Only Board member Olivia Oxendine expressed full support for the ISD without reservations, citing a change of community opinion at Southside-Ashpole Elementary in Robeson County, the first ISD school, which is now run by a charter school operator.

“I think if we were able to go to Southside-Ashpole today and talk to the teachers, the director and students, and ask, ‘Would you like to be in this game?’ … I think you’d have 100 percent at the beginning of the line,” Oxendine said, referencing Buxton’s comment about ISD selection being an unappealing contest.

However, that school’s director and a majority of its teachers were newly hired to the school by the ISD and not part of the school last year. Students, and the lone teacher who kept her position at the school, have also spoken positively about the changes.

Changing the Model

“If there's anything we can do to turn this from a take-over to a full throttle support for the board, and the superintendent and the principal of that school, that's what would be, in my opinion, in the best interest of our students,” State Board of Education Chair Eric Davis said shortly before he and other board members voted to include Carver Heights in the ISD.

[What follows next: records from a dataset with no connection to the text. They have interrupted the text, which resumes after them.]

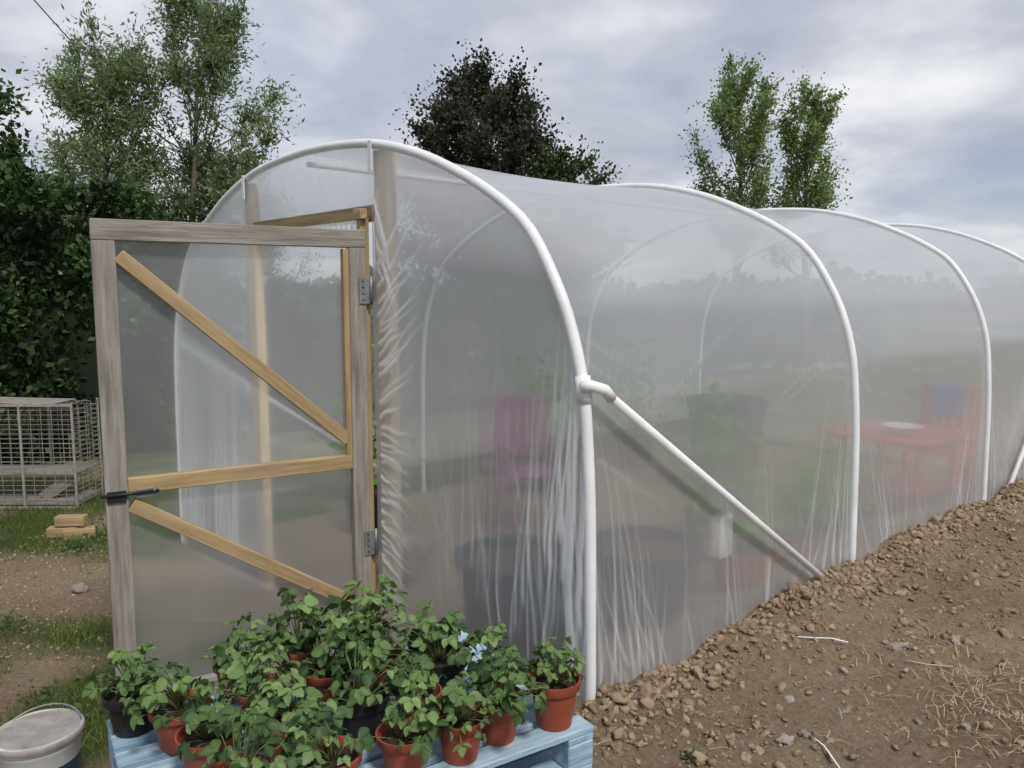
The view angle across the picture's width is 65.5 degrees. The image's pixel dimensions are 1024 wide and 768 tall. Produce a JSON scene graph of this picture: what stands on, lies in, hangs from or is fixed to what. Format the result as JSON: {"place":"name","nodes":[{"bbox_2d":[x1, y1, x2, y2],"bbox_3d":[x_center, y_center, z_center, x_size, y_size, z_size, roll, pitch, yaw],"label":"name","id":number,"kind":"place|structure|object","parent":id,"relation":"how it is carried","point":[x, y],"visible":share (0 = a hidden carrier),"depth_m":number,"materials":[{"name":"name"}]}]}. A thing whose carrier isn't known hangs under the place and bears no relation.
{"place":"outdoors","nodes":[
{"label":"outdoors","id":0,"kind":"place"},
{"bbox_2d":[34,0,180,155],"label":"overhead wire","id":1,"kind":"object","parent":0,"point":[84,55],"visible":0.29,"depth_m":18.01,"materials":[{"name":"black plastic"}]},
{"bbox_2d":[136,487,156,497],"bbox_3d":[-1.597,0.473,3.479,0.080,0.040,0.006,-4,7,-30],"label":"latch strap","id":2,"kind":"object","parent":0,"point":[146,495],"visible":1,"depth_m":3.48,"materials":[{"name":"grey metal"}]},
{"bbox_2d":[371,344,377,530],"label":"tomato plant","id":3,"kind":"object","parent":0,"point":[375,489],"visible":0.03,"depth_m":6.22,"materials":[{"name":"green plant"}]},
{"bbox_2d":[0,424,1023,767],"bbox_3d":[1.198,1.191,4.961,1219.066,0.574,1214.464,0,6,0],"label":"ground","id":4,"kind":"structure","parent":0,"point":[824,714],"depth_m":3.49,"materials":[{"name":"soil"}]},
{"bbox_2d":[0,68,48,312],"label":"evergreen tree","id":5,"kind":"object","parent":4,"relation":"on","point":[12,144],"visible":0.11,"depth_m":9.12,"materials":[{"name":"green plant"}]},
{"bbox_2d":[0,703,84,767],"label":"paint bucket","id":6,"kind":"object","parent":4,"relation":"on","point":[48,738],"visible":1,"depth_m":2.82,"materials":[{"name":"plastic"}]},
{"bbox_2d":[0,397,103,508],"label":"wire cage","id":7,"kind":"object","parent":4,"relation":"on","point":[57,492],"visible":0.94,"depth_m":7.13,"materials":[{"name":"grey metal"}]},
{"bbox_2d":[46,514,95,540],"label":"timber offcuts","id":8,"kind":"object","parent":4,"relation":"on","point":[67,525],"visible":0.94,"depth_m":6.17,"materials":[{"name":"brown wood"}]},
{"bbox_2d":[35,111,145,220],"bbox_3d":[-10.080,-3.244,18.510,3.887,6.148,3.629,2,7,18],"label":"willow tree","id":9,"kind":"object","parent":4,"relation":"on","point":[60,161],"visible":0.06,"depth_m":18.01,"materials":[{"name":"green plant"}]},
{"bbox_2d":[12,0,199,219],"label":"willow tree","id":10,"kind":"object","parent":4,"relation":"on","point":[70,98],"visible":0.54,"depth_m":15.90,"materials":[{"name":"green plant"}]},
{"bbox_2d":[60,0,305,222],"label":"willow tree","id":11,"kind":"object","parent":4,"relation":"on","point":[216,43],"visible":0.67,"depth_m":16.25,"materials":[{"name":"green plant"}]},
{"bbox_2d":[0,152,375,464],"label":"laurel hedge","id":12,"kind":"object","parent":4,"relation":"on","point":[47,337],"visible":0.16,"depth_m":8.79,"materials":[{"name":"green plant"}]},
{"bbox_2d":[0,472,375,767],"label":"grass","id":13,"kind":"structure","parent":4,"relation":"on","point":[83,633],"depth_m":4.51,"materials":[{"name":"green plant"}]},
{"bbox_2d":[165,129,270,219],"bbox_3d":[-6.351,-2.997,18.549,3.657,5.647,4.159,0,6,0],"label":"willow tree","id":14,"kind":"object","parent":4,"relation":"on","point":[183,170],"visible":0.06,"depth_m":17.46,"materials":[{"name":"green plant"}]},
{"bbox_2d":[197,129,271,221],"bbox_3d":[-5.187,-2.291,15.356,1.967,4.933,1.900,0,6,0],"label":"sapling tree","id":15,"kind":"object","parent":4,"relation":"on","point":[227,183],"visible":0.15,"depth_m":14.84,"materials":[{"name":"green plant"}]},
{"bbox_2d":[0,513,696,762],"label":"weeds","id":16,"kind":"object","parent":4,"relation":"on","point":[78,705],"visible":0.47,"depth_m":4.46,"materials":[{"name":"green plant"}]},
{"bbox_2d":[369,265,372,275],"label":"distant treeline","id":17,"kind":"object","parent":4,"relation":"on","point":[371,269],"depth_m":101.13,"materials":[{"name":"green plant"}]},
{"bbox_2d":[389,38,602,181],"bbox_3d":[-0.415,-3.824,17.823,5.636,7.456,5.455,0,6,0],"label":"copper beech tree","id":18,"kind":"object","parent":4,"relation":"on","point":[516,135],"visible":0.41,"depth_m":16.41,"materials":[{"name":"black plant"}]},
{"bbox_2d":[0,478,1023,767],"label":"soil clods","id":19,"kind":"object","parent":4,"relation":"on","point":[700,668],"visible":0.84,"depth_m":3.65,"materials":[{"name":"brown soil"}]},
{"bbox_2d":[797,636,847,642],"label":"dry twig","id":20,"kind":"object","parent":19,"relation":"on","point":[822,638],"visible":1,"depth_m":3.57,"materials":[{"name":"white wood"}]},
{"bbox_2d":[71,500,1023,766],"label":"stones","id":21,"kind":"object","parent":4,"relation":"on","point":[83,588],"visible":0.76,"depth_m":3.39,"materials":[{"name":"grey stone"}]},
{"bbox_2d":[524,135,629,184],"bbox_3d":[0.869,-2.647,17.332,3.988,5.211,4.459,0,6,0],"label":"beech tree","id":22,"kind":"object","parent":4,"relation":"on","point":[581,168],"visible":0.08,"depth_m":16.48,"materials":[{"name":"green plant"}]},
{"bbox_2d":[203,139,1023,700],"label":"polytunnel","id":23,"kind":"structure","parent":4,"relation":"on","point":[629,431],"depth_m":3.73,"materials":[{"name":"clear plastic"}]},
{"bbox_2d":[89,218,365,247],"bbox_3d":[-1.238,-0.675,3.600,1.190,0.088,0.046,-4,7,-30],"label":"top rail","id":24,"kind":"object","parent":23,"relation":"attached to","point":[157,231],"visible":0.96,"depth_m":3.54,"materials":[{"name":"grey wood"}]},
{"bbox_2d":[90,240,136,679],"bbox_3d":[-1.711,0.434,3.443,0.090,2.080,0.045,-4,7,-30],"label":"free stile","id":25,"kind":"object","parent":24,"relation":"attached to","point":[107,328],"visible":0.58,"depth_m":3.40,"materials":[{"name":"grey wood"}]},
{"bbox_2d":[107,490,126,503],"bbox_3d":[-1.698,0.487,3.421,0.075,0.050,0.006,-4,7,-30],"label":"latch plate","id":26,"kind":"object","parent":25,"relation":"attached to","point":[116,500],"visible":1,"depth_m":3.42,"materials":[{"name":"black metal"}]},
{"bbox_2d":[129,498,350,600],"bbox_3d":[-1.245,0.811,3.759,1.157,0.060,0.043,34,-12,-29],"label":"brace","id":27,"kind":"object","parent":25,"relation":"attached to","point":[170,521],"visible":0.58,"depth_m":3.70,"materials":[{"name":"brown wood"}]},
{"bbox_2d":[115,241,353,682],"bbox_3d":[-1.251,0.355,3.739,1.150,2.150,0.008,-4,7,-30],"label":"door film","id":28,"kind":"object","parent":23,"relation":"attached to","point":[195,398],"depth_m":3.69,"materials":[{"name":"clear plastic"}]},
{"bbox_2d":[163,650,343,693],"bbox_3d":[-1.236,1.392,3.830,1.010,0.085,0.042,-4,7,-30],"label":"bottom rail","id":29,"kind":"object","parent":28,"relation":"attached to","point":[210,677],"depth_m":3.72,"materials":[{"name":"grey wood"}]},
{"bbox_2d":[346,248,371,611],"bbox_3d":[-0.764,0.372,3.998,0.085,2.080,0.045,-4,7,-30],"label":"hinge stile","id":30,"kind":"object","parent":23,"relation":"attached to","point":[360,503],"visible":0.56,"depth_m":3.96,"materials":[{"name":"grey wood"}]},
{"bbox_2d":[114,250,352,444],"bbox_3d":[-1.238,-0.133,3.657,1.321,0.060,0.042,44,-16,-27],"label":"brace","id":31,"kind":"object","parent":30,"relation":"attached to","point":[158,287],"visible":0.86,"depth_m":3.60,"materials":[{"name":"brown wood"}]},
{"bbox_2d":[128,454,352,491],"bbox_3d":[-1.236,0.413,3.718,1.010,0.068,0.045,-4,7,-30],"label":"rail","id":32,"kind":"object","parent":30,"relation":"attached to","point":[193,478],"visible":0.84,"depth_m":3.68,"materials":[{"name":"brown wood"}]},
{"bbox_2d":[100,489,158,498],"bbox_3d":[-1.650,0.474,3.442,0.230,0.016,0.016,-4,7,-30],"label":"latch bolt","id":33,"kind":"object","parent":32,"relation":"attached to","point":[126,494],"visible":1,"depth_m":3.43,"materials":[{"name":"black metal"}]},
{"bbox_2d":[340,249,352,455],"bbox_3d":[-0.811,-0.146,3.906,0.028,1.020,0.040,-4,7,-30],"label":"batten","id":34,"kind":"object","parent":30,"relation":"attached to","point":[346,345],"visible":0.98,"depth_m":3.89,"materials":[{"name":"brown wood"}]},
{"bbox_2d":[359,277,369,303],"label":"hinge leaf","id":35,"kind":"object","parent":30,"relation":"attached to","point":[365,290],"visible":1,"depth_m":3.90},
{"bbox_2d":[369,276,372,304],"bbox_3d":[-0.692,-0.459,3.911,0.016,0.140,0.016,0,6,0],"label":"hinge pin","id":36,"kind":"object","parent":35,"relation":"attached to","point":[371,288],"visible":1,"depth_m":3.90,"materials":[{"name":"silver metal"}]},
{"bbox_2d":[364,529,374,555],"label":"hinge leaf","id":37,"kind":"object","parent":30,"relation":"attached to","point":[371,544],"visible":1,"depth_m":4.04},
{"bbox_2d":[374,528,377,555],"bbox_3d":[-0.692,0.803,4.052,0.016,0.140,0.016,0,6,0],"label":"hinge pin","id":38,"kind":"object","parent":37,"relation":"attached to","point":[376,540],"visible":1,"depth_m":4.05,"materials":[{"name":"silver metal"}]},
{"bbox_2d":[677,48,796,208],"bbox_3d":[5.373,-4.181,19.538,2.722,7.770,2.692,0,6,0],"label":"birch tree","id":39,"kind":"object","parent":4,"relation":"on","point":[752,139],"visible":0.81,"depth_m":19.03,"materials":[{"name":"green plant"}]},
{"bbox_2d":[537,508,1023,767],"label":"straw litter","id":40,"kind":"object","parent":4,"relation":"on","point":[954,695],"visible":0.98,"depth_m":3.24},
{"bbox_2d":[763,66,853,210],"bbox_3d":[7.350,-4.133,20.061,2.316,7.549,2.292,-2,7,-21],"label":"birch tree","id":41,"kind":"object","parent":4,"relation":"on","point":[819,119],"visible":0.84,"depth_m":19.53,"materials":[{"name":"green plant"}]},
{"bbox_2d":[807,732,839,767],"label":"dry twig","id":42,"kind":"object","parent":4,"relation":"on","point":[818,741],"visible":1,"depth_m":2.86,"materials":[{"name":"white wood"}]},
{"bbox_2d":[906,660,952,666],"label":"dry twig","id":43,"kind":"object","parent":4,"relation":"on","point":[929,664],"visible":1,"depth_m":3.46,"materials":[{"name":"wood"}]},
{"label":"blue pallet","id":44,"kind":"object","parent":4,"relation":"on","visible":0},
{"bbox_2d":[424,729,552,767],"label":"blue pallet","id":45,"kind":"object","parent":44,"relation":"on","point":[536,759],"visible":0.02,"depth_m":2.64,"materials":[{"name":"paint"}]},
{"bbox_2d":[107,631,592,767],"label":"blue pallet","id":46,"kind":"object","parent":45,"relation":"on","point":[572,745],"visible":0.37,"depth_m":2.46,"materials":[{"name":"paint"}]},
{"bbox_2d":[81,641,176,737],"bbox_3d":[-1.193,0.957,2.518,0.298,0.277,0.280,-4,8,-34],"label":"potted strawberry plant","id":47,"kind":"object","parent":46,"relation":"on","point":[117,700],"visible":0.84,"depth_m":2.47,"materials":[{"name":"green plant"}]},
{"bbox_2d":[127,663,212,753],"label":"potted strawberry plant","id":48,"kind":"object","parent":46,"relation":"on","point":[159,705],"visible":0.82,"depth_m":2.37,"materials":[{"name":"green plant"}]},
{"bbox_2d":[165,677,246,767],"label":"potted strawberry plant","id":49,"kind":"object","parent":46,"relation":"on","point":[193,738],"visible":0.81,"depth_m":2.23,"materials":[{"name":"green plant"}]},
{"bbox_2d":[201,611,291,702],"bbox_3d":[-0.891,0.928,2.729,0.300,0.287,0.247,-5,8,-35],"label":"potted strawberry plant","id":50,"kind":"object","parent":46,"relation":"on","point":[224,658],"visible":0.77,"depth_m":2.69,"materials":[{"name":"green plant"}]},
{"bbox_2d":[200,705,302,767],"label":"potted strawberry plant","id":51,"kind":"object","parent":46,"relation":"on","point":[260,730],"visible":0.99,"depth_m":2.07,"materials":[{"name":"green plant"}]},
{"bbox_2d":[200,643,319,730],"bbox_3d":[-0.803,0.963,2.569,0.267,0.254,0.335,4,7,30],"label":"potted strawberry plant","id":52,"kind":"object","parent":46,"relation":"on","point":[238,672],"visible":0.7,"depth_m":2.52,"materials":[{"name":"green plant"}]},
{"bbox_2d":[230,667,325,767],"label":"potted strawberry plant","id":53,"kind":"object","parent":46,"relation":"on","point":[278,710],"visible":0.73,"depth_m":2.31,"materials":[{"name":"green plant"}]},
{"bbox_2d":[263,587,342,683],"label":"potted strawberry plant","id":54,"kind":"object","parent":46,"relation":"on","point":[311,614],"visible":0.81,"depth_m":2.81,"materials":[{"name":"green plant"}]},
{"bbox_2d":[279,698,373,767],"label":"potted strawberry plant","id":55,"kind":"object","parent":46,"relation":"on","point":[324,748],"visible":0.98,"depth_m":2.15,"materials":[{"name":"green plant"}]},
{"bbox_2d":[297,601,374,711],"bbox_3d":[-0.588,0.902,2.691,0.260,0.348,0.275,-1,7,-12],"label":"potted strawberry plant","id":56,"kind":"object","parent":46,"relation":"on","point":[324,648],"visible":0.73,"depth_m":2.63,"materials":[{"name":"green plant"}]},
{"bbox_2d":[322,638,413,742],"bbox_3d":[-0.443,0.942,2.467,0.292,0.318,0.367,0,6,0],"label":"potted strawberry plant","id":57,"kind":"object","parent":46,"relation":"on","point":[362,701],"visible":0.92,"depth_m":2.43,"materials":[{"name":"green plant"}]},
{"bbox_2d":[320,600,427,694],"bbox_3d":[-0.486,0.910,2.715,0.384,0.326,0.319,0,6,0],"label":"potted strawberry plant","id":58,"kind":"object","parent":46,"relation":"on","point":[357,625],"visible":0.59,"depth_m":2.69,"materials":[{"name":"green plant"}]},
{"bbox_2d":[321,574,431,668],"bbox_3d":[-0.509,0.876,2.968,0.390,0.338,0.402,3,7,23],"label":"potted strawberry plant","id":59,"kind":"object","parent":46,"relation":"on","point":[370,606],"visible":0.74,"depth_m":2.95,"materials":[{"name":"green plant"}]},
{"bbox_2d":[377,653,446,716],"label":"potted strawberry plant","id":60,"kind":"object","parent":46,"relation":"on","point":[417,677],"visible":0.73,"depth_m":2.52,"materials":[{"name":"green plant"}]},
{"bbox_2d":[364,678,467,767],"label":"potted strawberry plant","id":61,"kind":"object","parent":46,"relation":"on","point":[401,742],"visible":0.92,"depth_m":2.25,"materials":[{"name":"green plant"}]},
{"bbox_2d":[386,599,479,700],"bbox_3d":[-0.269,0.903,2.725,0.297,0.338,0.388,-4,8,-34],"label":"potted strawberry plant","id":62,"kind":"object","parent":46,"relation":"on","point":[449,654],"visible":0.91,"depth_m":2.70,"materials":[{"name":"green plant"}]},
{"bbox_2d":[423,671,504,765],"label":"potted strawberry plant","id":63,"kind":"object","parent":46,"relation":"on","point":[461,748],"visible":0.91,"depth_m":2.31,"materials":[{"name":"green plant"}]},
{"bbox_2d":[454,619,537,687],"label":"potted strawberry plant","id":64,"kind":"object","parent":46,"relation":"on","point":[488,635],"visible":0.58,"depth_m":2.62,"materials":[{"name":"green plant"}]},
{"bbox_2d":[467,651,549,745],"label":"potted strawberry plant","id":65,"kind":"object","parent":46,"relation":"on","point":[507,695],"visible":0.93,"depth_m":2.41,"materials":[{"name":"green plant"}]},
{"bbox_2d":[527,635,586,731],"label":"potted strawberry plant","id":66,"kind":"object","parent":46,"relation":"on","point":[562,681],"visible":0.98,"depth_m":2.51,"materials":[{"name":"green plant"}]},
{"bbox_2d":[0,0,1023,266],"label":"sky","id":67,"kind":"structure","parent":0,"point":[929,129],"materials":[{"name":"grey"}]}
]}

The Department of Public Instruction’s Deputy Superintendent of Innovation Eric Hall has already made a request to the legislature to amend the law governing the ISD to allow a local school board to operate a school chosen for the district. That opens the door to a new possibility for Wayne County Schools.

A provision in a technical corrections bill in consideration at the General Assembly would make it possible for the Innovative School District to choose Wayne County Schools to lead the turn-around of its own elementary. The provision says that the ISD operator could be a college or university, a non-profit or for-profit corporation, a partnership, or a local board of education.

The bill goes on to say that a local school board may submit a "well-defined, credible, and specific five-year plan to dramatically improve student achievement" for the ISD to consider naming the board as the school's operator, if the school board consents to transfer the school to the ISD by January 1. Under existing law, if a school board does not consent to transfer a school to the ISD, it must close the school.

Wayne County Superintendent Michael Dunsmore knew of Hall’s legislative request to allow a local school board to apply to be an ISD operator.

“I think it’s a great idea, but I wouldn’t be in favor of them forcibly taking my school away, and, ‘Well, if this legislation goes through, maybe we’ll let you be the operator,’” Dunsmore said.  

The State Board of Education's vote to place Carver Heights Elementary in the ISD was unanimous, but it included stipulations that the board take every legal measure to uphold the changes Wayne County Schools has made.

It's possible that if the pending bill becomes law, then instead of a charter operator coming in, Wayne County Schools could still be running Carver Heights next year with the support and supervision of the Innovative School District.